If your company is a base rate entity, it can only frank dividends up to the 25% company tax rate.  However, for businesses with corporate beneficiaries taxed at 30%, the franking rate differential can result in ‘top-up tax’ being payable on franked dividends received. 

In contrast, the 25% tax rate could offer potential tax savings for shareholders who are individuals, trusts, or superannuation funds, as the franking credits might cover a more significant proportion of their tax liability on the dividends. 

To navigate these complexities, consider the timing and amount of dividends, the composition of your shareholder base, and the potential impact of the franking rate differential on their tax position. 

Small business technology boost 

If your business is turning over less than AUD $50m you will get a 20% extra tax deduction for investing into laptops, cyber security systems or cloud based services. 

This is not yet law – but looking at other similar tax incentives they will flow through a trading trust as compared to a company.  

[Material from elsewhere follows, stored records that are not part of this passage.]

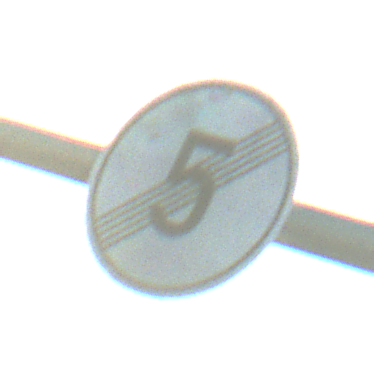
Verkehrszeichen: EndeGeschwindigkeit5
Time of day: SunriseSunset
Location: Outdoor (RoadRail)
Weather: PartlyCloudy
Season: NotSpecified
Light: Natural
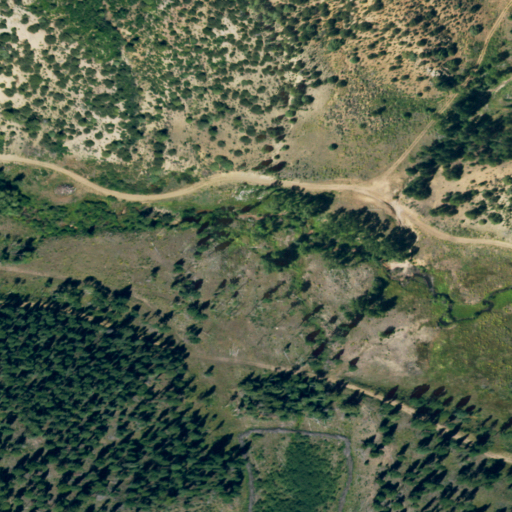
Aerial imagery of valley in Colorado named Blind Canyon containing evergreen forest, shrub, woody wetlands, deciduous forest, and herbaceous wetlands
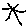
Label: star
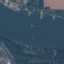
Land use / land cover class: River
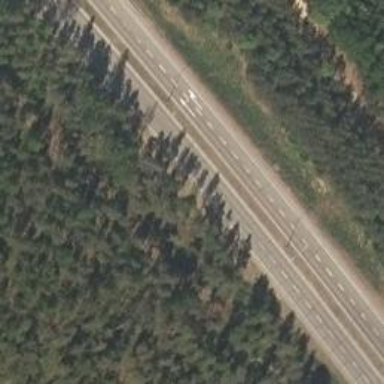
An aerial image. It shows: Asphalt road designated as trunk highway.
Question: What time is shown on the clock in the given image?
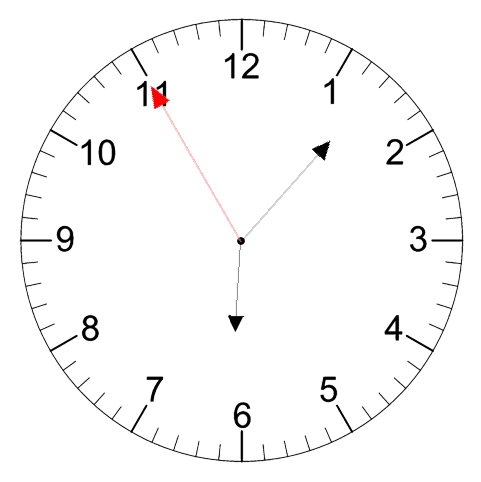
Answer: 06:06:55
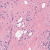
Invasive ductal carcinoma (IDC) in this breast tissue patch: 1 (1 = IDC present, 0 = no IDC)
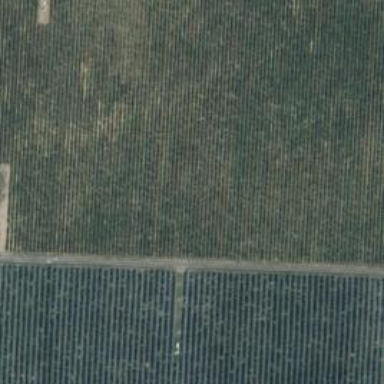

The boost is limited to $100k of expenditure (so a $20k free tax kick) 

Superannuation pensions 

If your Perth tax accountant has structured the tax profile of your superannuation fund in a pension phase it will be enjoying its income tax free.  However to continue to enjoy that tax free status of your superannuation fund you will need to make sure that the minimum pension for 2023 is paid before 30 June 2023 – as in the pension leaves your bank account.  

Importantly from 1 July 2023 the pension rates are reverting back to the ordinary rates.  The 2023 pension rates were based on the 50% reduction due to Covid.  

Capitalizing on Lower Tax Rates for Small Business Entities: 

If your business is a small business entity with an aggregated turnover of less than $50 million, it can benefit from lower tax rates, which have been reduced to 25% for the 2021-22 financial year onwards.  This offers potential tax savings and more retained profits for reinvestment or distribution. 

Before the end of the financial year, review your eligibility for small business entity status and, if applicable, plan your business strategies to make the most of the reduced tax rate. 

There are tests for companies that generate both business income and investment income so check with your Perth tax accountant to make sure you enjoy the 25% tax rate and consider strategies now to ensure that you do.  

Streamlining Payroll Tax Processes: 

Payroll tax, a state-based tax on the wages paid by employers, can be a significant cost for businesses.  In Western Australia, businesses with Australia-wide annual taxable wages exceeding $1 million need to pay payroll tax. 

Review your payroll processes to ensure that you’re accurately reporting all taxable wages, including wages, fringe benefits, and superannuation contributions.  Consider whether you can access any available exemptions, such as the payroll tax exemption for trainees in Western Australia. 

Conclusion: 

Strategic tax planning is essential for Perth’s middle-sized family businesses as the end of the financial year approaches.  By understanding and applying tax measures like Division 7A, temporary full expensing, trust resolutions, and the implications of s 100A, as well as optimising superannuation contribution strategies, utilising tax loss carry back provisions, and implementing franking credit strategies, these businesses can enhance their growth potential while minimising tax liabilities.  Seeking the advice of a professional Perth tax accountant can be invaluable in navigating these complexities and ensuring compliance with all tax obligations.